Kimbal Bumstead, Contemporary Painting in 2025
By Greg McGee
Kimbal Bumstead is an artist who celebrates colour.
Since 2022, he has brought to the McGees a new energy inculcated by recent success stories exhibiting in Sheffield, Tokyo, Amsterdam and at the Mall Galleries in London, as well as teaching abstract art classes across the UK. Says Kimbal, “It’s really thrilling to be an artist. My job is to bring things into existence that weren’t there before, and I use colour and mark-making to get there. But there are other aspects too. These paintings aren’t just experiments in colour, nor are they just expressions of feelings, they are also explorations of journeys into other worlds.”
The Kimbal Bumstead collection with According to McGee, ‘Segments of Journeys’, is found here online and it does indeed pulse and shimmer, suggesting memories and half formed ideas. “The subject matter isn’t fixed, it’s yet to be defined,” continues Kimbal, “If the idea of journeying is the building block of the painting, the overarching theme is, I think, that there’s no destination. I love the process of trying to let go and getting lost in the painting. That’s a positive to me, and reflects on how I live my life. Stuff happens, you navigate it, and hopefully you enjoy the process. I like trying to see a street differently each time I walk down it, and the same goes for my paintings – each time I look at them I find something new, something I hadn’t noticed before."

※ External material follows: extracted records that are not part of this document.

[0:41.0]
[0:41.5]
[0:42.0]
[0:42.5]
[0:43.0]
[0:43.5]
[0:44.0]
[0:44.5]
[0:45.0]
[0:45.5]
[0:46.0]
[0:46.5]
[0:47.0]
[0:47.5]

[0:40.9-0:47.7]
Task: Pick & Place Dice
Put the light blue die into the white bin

'Under the Lea', Kimbal Bumstead
Kimbal points to the intersecting colours and mark making on the surfaces of his paintings, with some strokes sliding into areas that had been painted much earlier. “It’s like landscapes,” he continues, “I like how a landscape in real life has different layers. Physical layers, ideas that people project, memories, different stories, traces of the old next to the new. It’s something I am really keen on capturing.”

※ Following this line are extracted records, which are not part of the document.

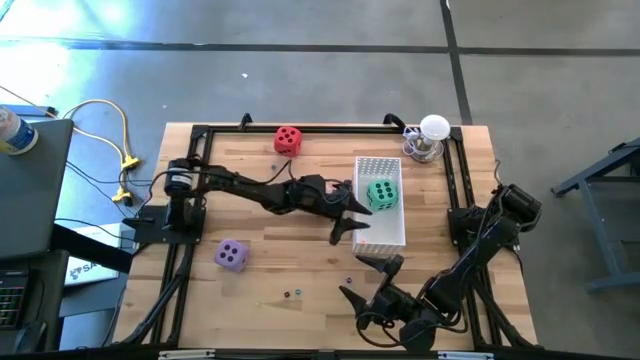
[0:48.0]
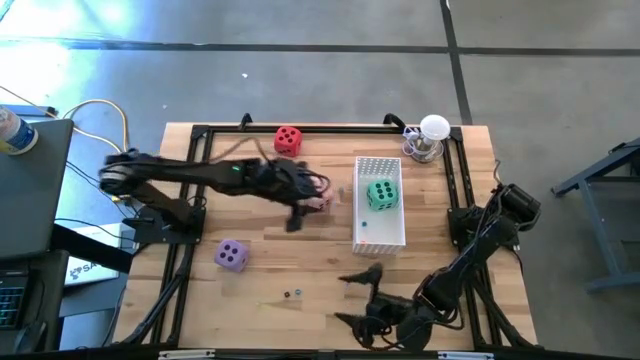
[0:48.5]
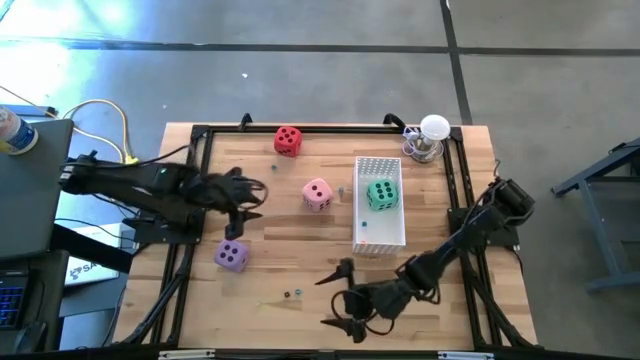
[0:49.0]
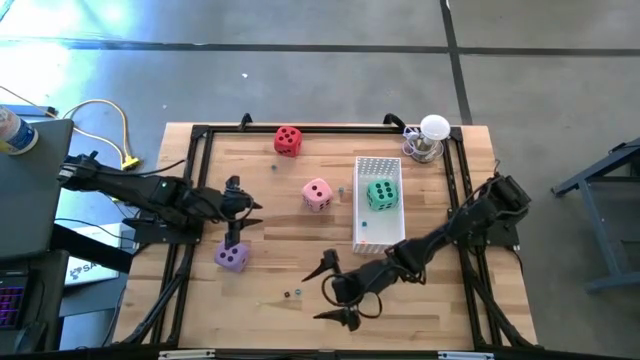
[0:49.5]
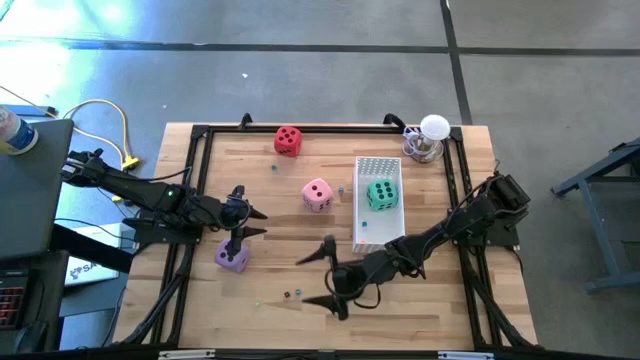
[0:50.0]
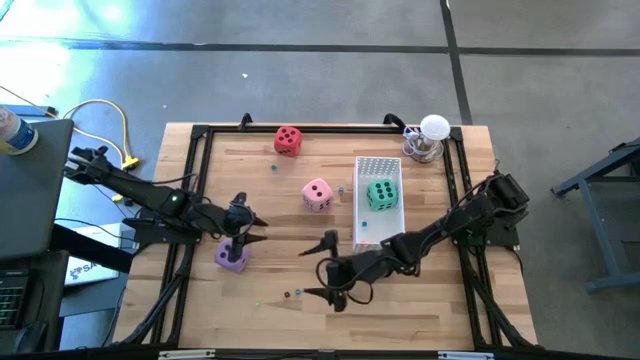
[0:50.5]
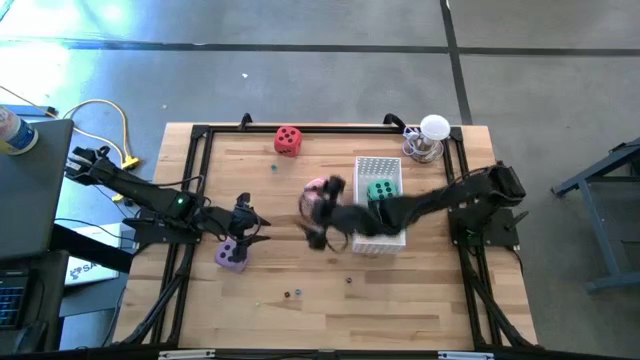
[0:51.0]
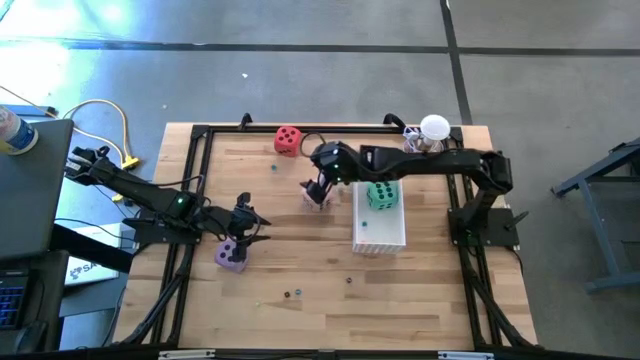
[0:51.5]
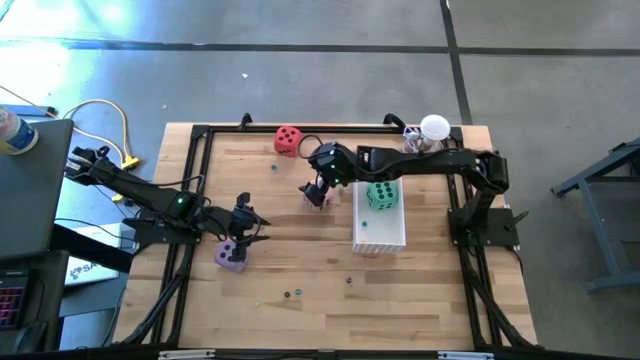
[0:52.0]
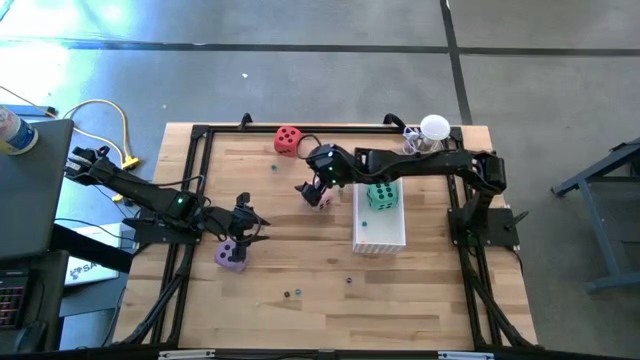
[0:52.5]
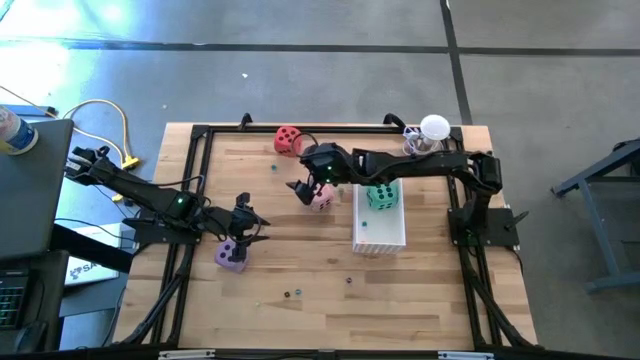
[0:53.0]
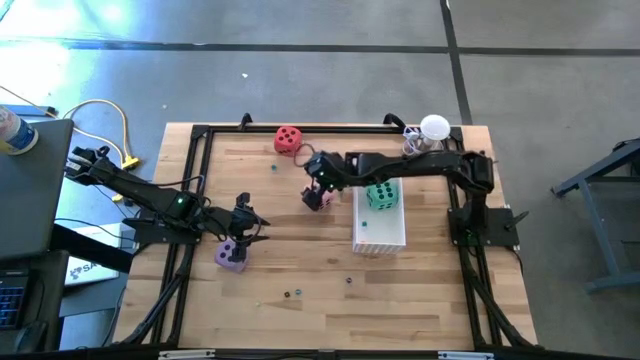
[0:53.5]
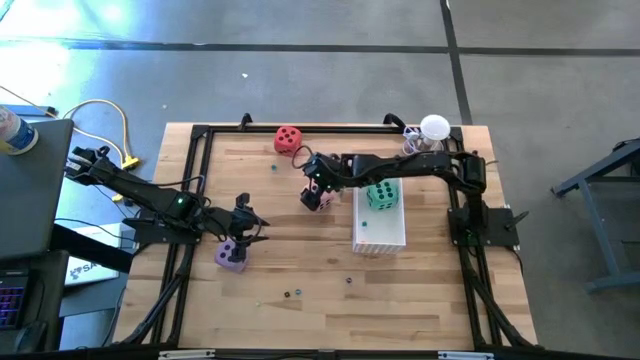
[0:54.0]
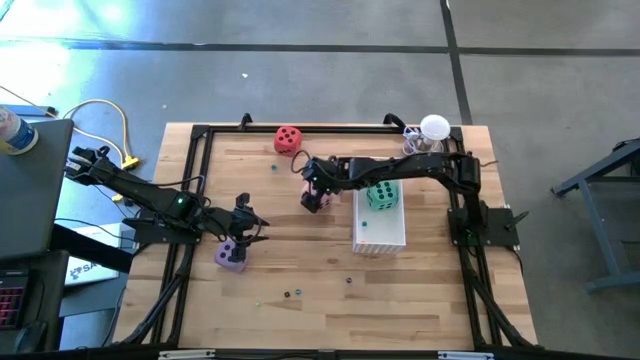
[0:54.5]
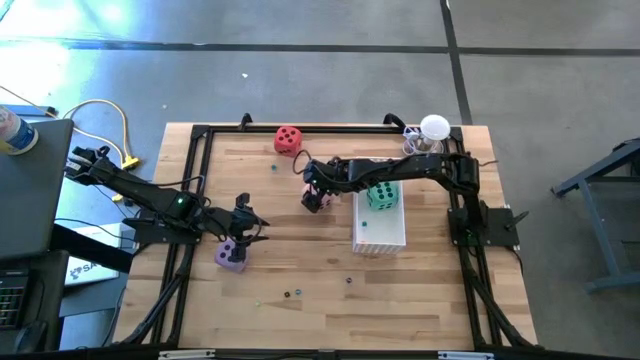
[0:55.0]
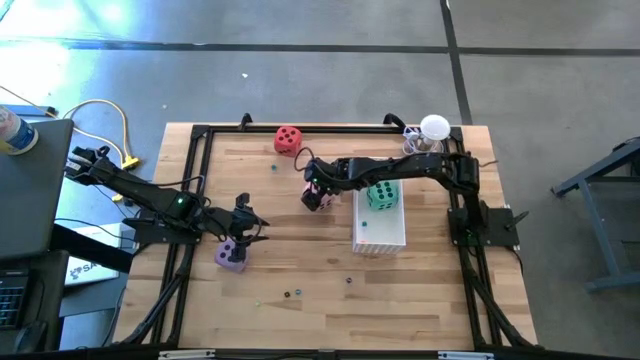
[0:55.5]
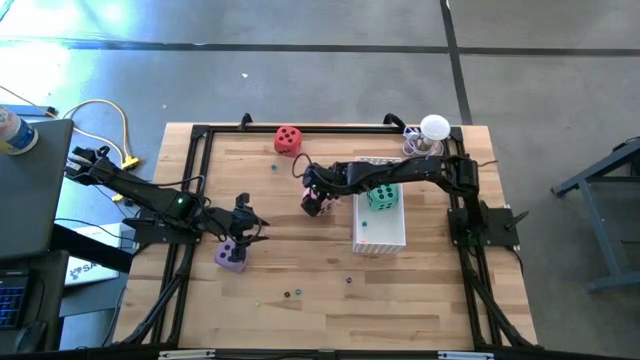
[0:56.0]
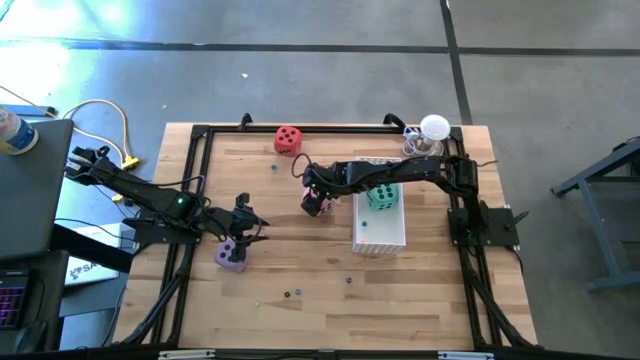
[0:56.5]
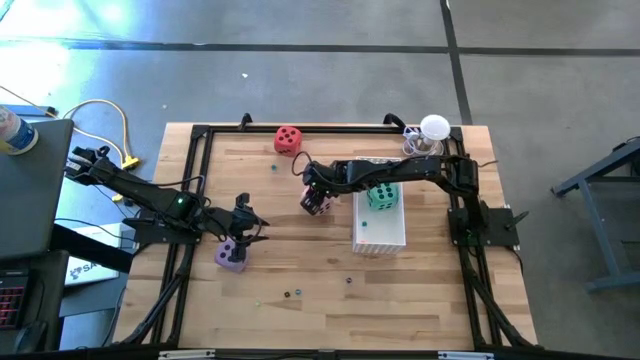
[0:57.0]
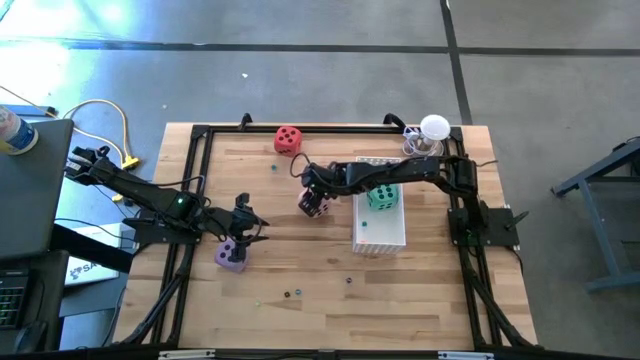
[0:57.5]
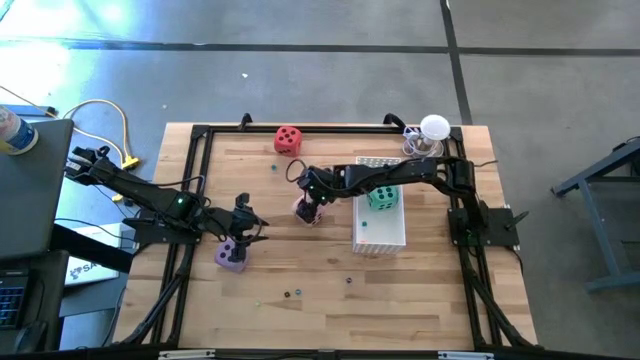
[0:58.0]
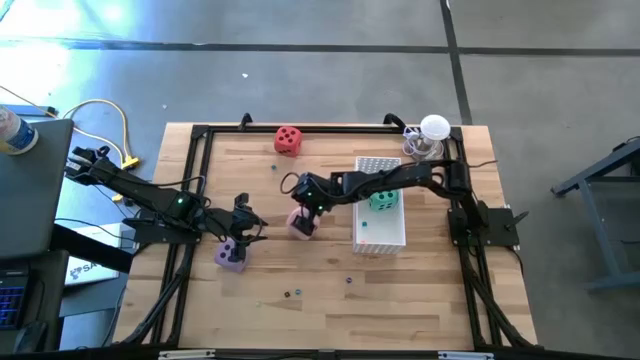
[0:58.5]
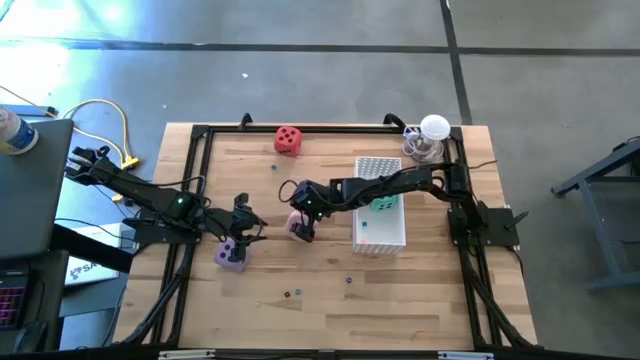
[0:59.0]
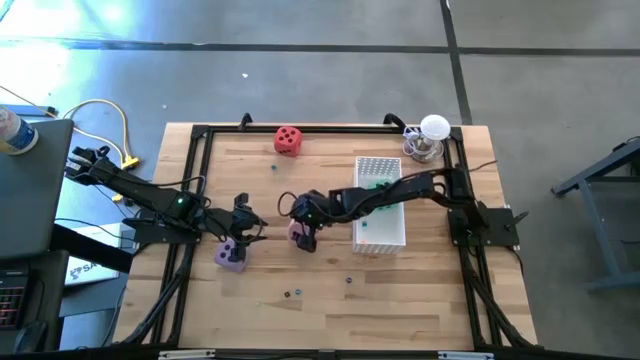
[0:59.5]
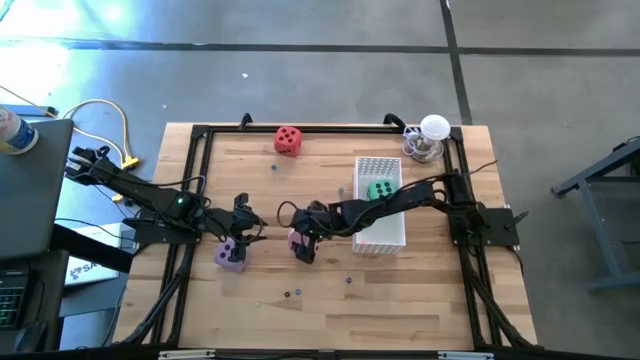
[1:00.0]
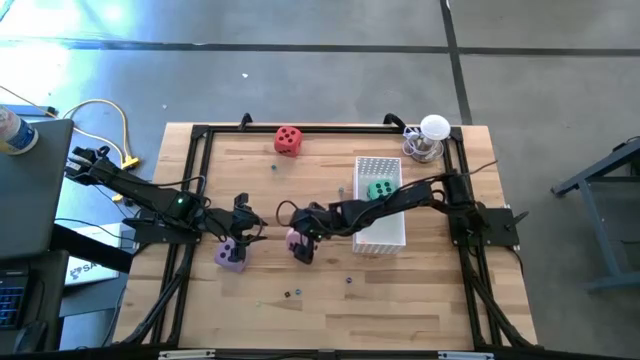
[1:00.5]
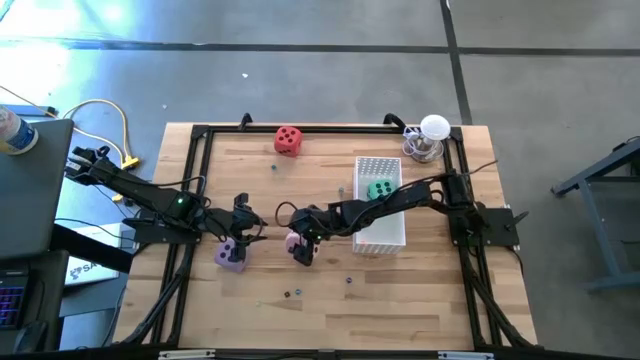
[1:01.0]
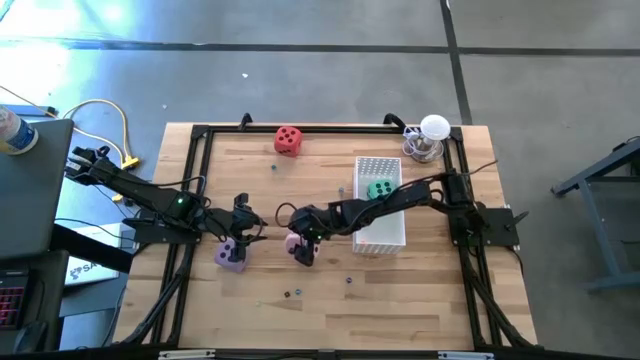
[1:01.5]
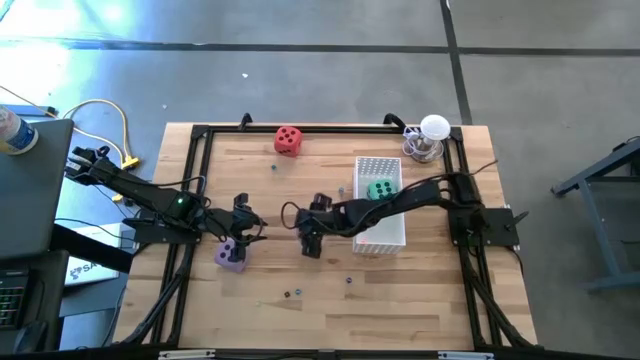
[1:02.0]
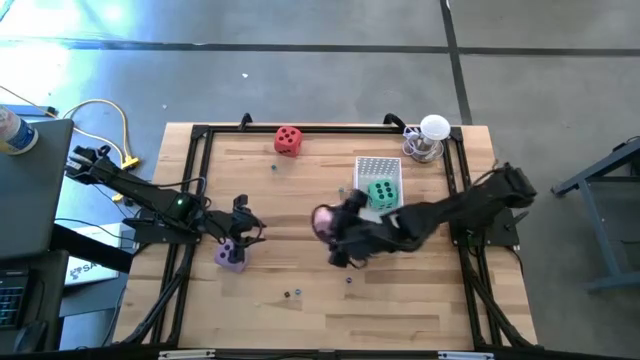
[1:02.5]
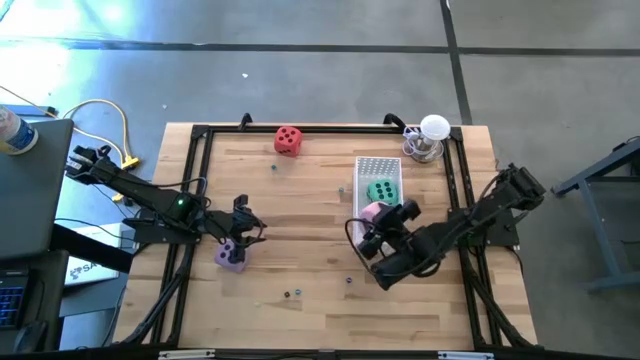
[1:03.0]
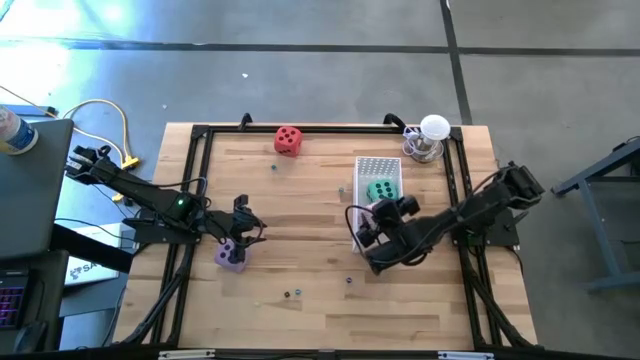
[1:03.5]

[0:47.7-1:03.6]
Put the pink die into the white bin

Warming to his theme, Kimbal points to his once adopted city. "It's not dissimilar to experiencing York as a city. On one hand you see what's on the surface, the old buildings next to new ones, but then there's another world, the one you have to imagine, the one where different stories have taken place and settled like sediment. That’s really the case with this collection, there is not just one way of seeing it.”
Love x 4, Kimbal Bumstead
“It’s heavy, hefty painting,” Greg says, “At its wild heart there's an antidote to the current obsession with targets and data. This is less harnessing data and more harnessing dreams, which is a priority in most artists' manifestos.”